To understand the edges, consider example 1 where
N=5, K=4, dict = {"baa", "abcd", "abca", "cab", "cad"}
Considering the first two words "baa" and "abcd", it is clear that they are differentiated by the first letter i.e. 'b' and 'a'. Thus, a directed edge can be inserted in the graph from node 'b' to node 'a' representing that letter 'b' must appear before the letter 'a' in the ordering as shown in the figure:
By comparing pairs of words in the dictionary, edges can be added to the graph.
Note:
It is not required to check every pair of words possible to add the edges to the graph. Instead just checking the differentiating letter in consecutive pairs will work as well as shown in the image:
Edge Case:
The problem arises when the value of K becomes 5 and there is no word in the dictionary containing the letter 'e'. In this case, a separate node with the value 'e' can be added in the graph and it will be considered a component of the directed graph like the following, and the same algorithm will work fine for multiple components.
Approach:
- Initialize a graph with nodes equal to the number of required letters. The letters from 'a' to 'z' can be represented as numbers from 0 to 26 for easier understanding.

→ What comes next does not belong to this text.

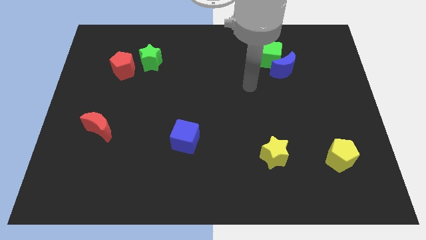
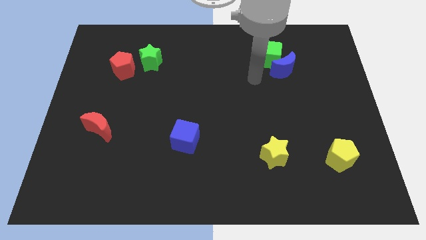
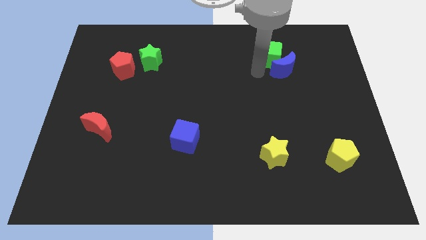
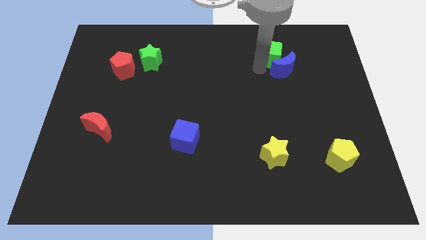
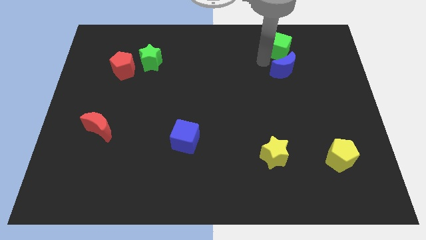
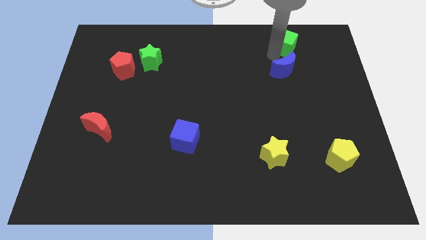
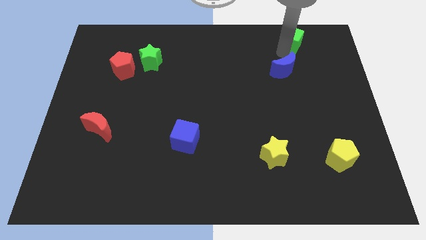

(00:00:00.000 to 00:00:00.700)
move the blue moon away from the green cube

- Compare the consecutive pair of words, and find the differentiating letter. Compare the letters to add an edge to the graph.
- Once the graph is prepared, get the topological ordering of the graph formed.

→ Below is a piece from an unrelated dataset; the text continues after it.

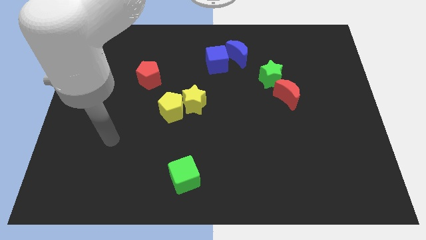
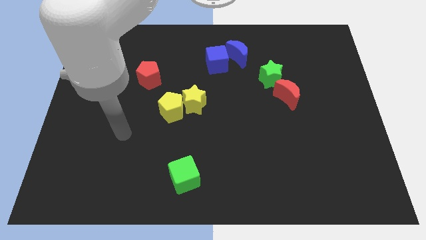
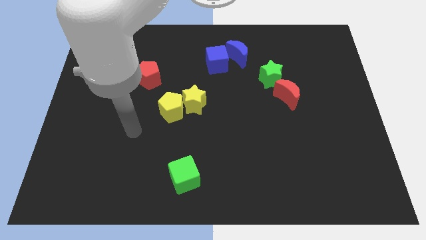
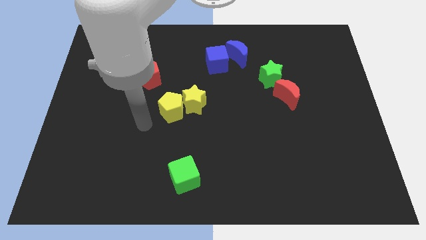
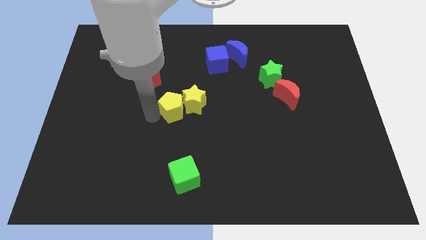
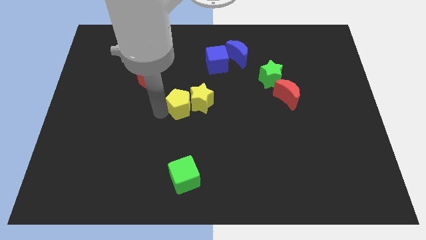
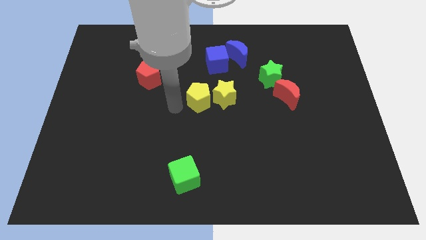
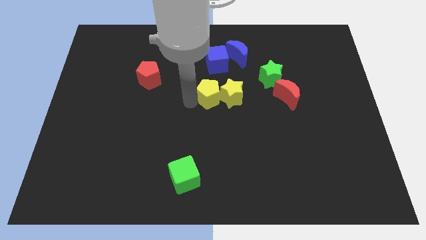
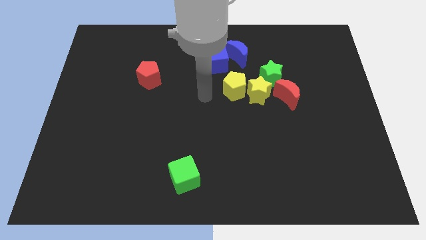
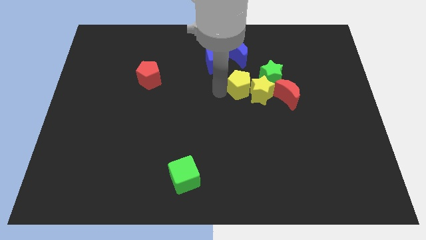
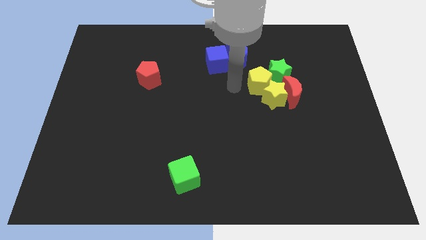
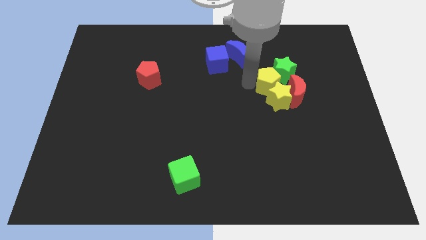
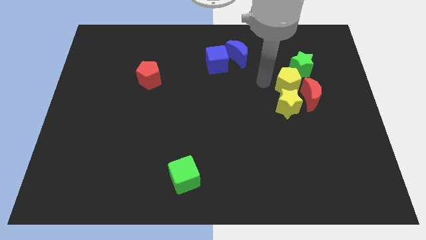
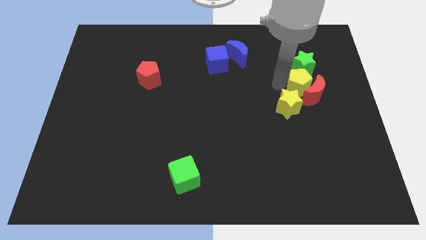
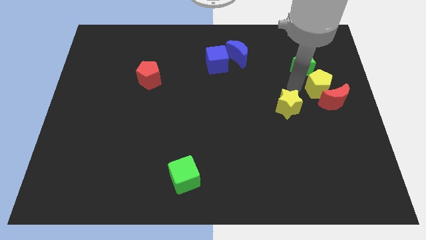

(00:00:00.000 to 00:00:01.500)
move the yellow star away from the yellow pentagon

- The ordering of letters obtained from the topological sorting, will be the ordering of letters based on the alien dictionary.
Code:
#include <bits/stdc++.h>
using namespace std;
class Solution {
private:
/* Function to return the topological
sorting of given graph */
vector<int> topoSort(int V, vector<int> adj[]) {
// To store the In-degrees of nodes
vector<int> inDegree(V, 0);
// Update the in-degrees of nodes
for (int i = 0; i < V; i++) {
for(auto it : adj[i]) {
// Update the in-degree
inDegree[it]++;
}
}
// To store the result
vector<int> ans;
// Queue to facilitate BFS
queue<int> q;
// Add the nodes with no in-degree to queue
for(int i=0; i<V; i++) {
if(inDegree[i] == 0) q.push(i);
}
// Until the queue is empty
while(!q.empty()) {
// Get the node
int node = q.front();
// Add it to the answer
ans.push_back(node);
q.pop();
// Traverse the neighbours
for(auto it : adj[node]) {
// Decrement the in-degree
inDegree[it]--;
/* Add the node to queue if
its in-degree becomes zero */
if(inDegree[it] == 0) q.push(it);
}
}
// Return the result
return ans;
}
public:
/* Function to determine order of
letters based on alien dictionary */
string findOrder(string dict[], int N, int K) {
// Initialise a graph of K nodes
vector<int> adj[K];
// Compare the consecutive words
for(int i=0; i < N-1; i++) {
string s1 = dict[i];
string s2 = dict[i + 1];
int len = min(s1.size(), s2.size());
/* Compare the pair of strings letter by
letter to identify the differentiating letter */
for (int ptr = 0; ptr < len; ptr++) {
// If the differentiating letter is found
if (s1[ptr] != s2[ptr]) {
// Add the edge to the graph
adj[s1[ptr] - 'a'].push_back(s2[ptr] - 'a');
break;
}
}
}
/* Get the topological sort
of the graph formed */
vector<int> topo = topoSort(K, adj);
// To store the answer
string ans;
for(int i=0; i < K; i++) {
// Add the letter to the result
ans.push_back('a' + topo[i]);
ans.push_back(' ');
}
// Return the answer
return ans;
}
};
int main() {
int N = 5, K = 4;
string dict[N] = {
"baa","abcd","abca","cab","cad"
};
/* Creating an instance of
Solution class */
Solution sol;
/* Function call to determine order of
letters based on alien dictionary */
string ans = sol.findOrder(dict, N, K);
// Output
cout << "The order to characters as per alien dictionary is: " << ans;
return 0;
}Complexity Analysis:
- Time Complexity: O(K+N) (where K and N represents the number of nodes and edges in the given graph)
- Forming the graph takes O(N*len) time, where len is the average length of a word in the dictionary.
- Finding topological sort takes O(K+N) time.
- Space Complexity: O(K+N)
- Storing the graph takes O(N) space.
- Topological sorting algorithm uses extra O(K) computational space.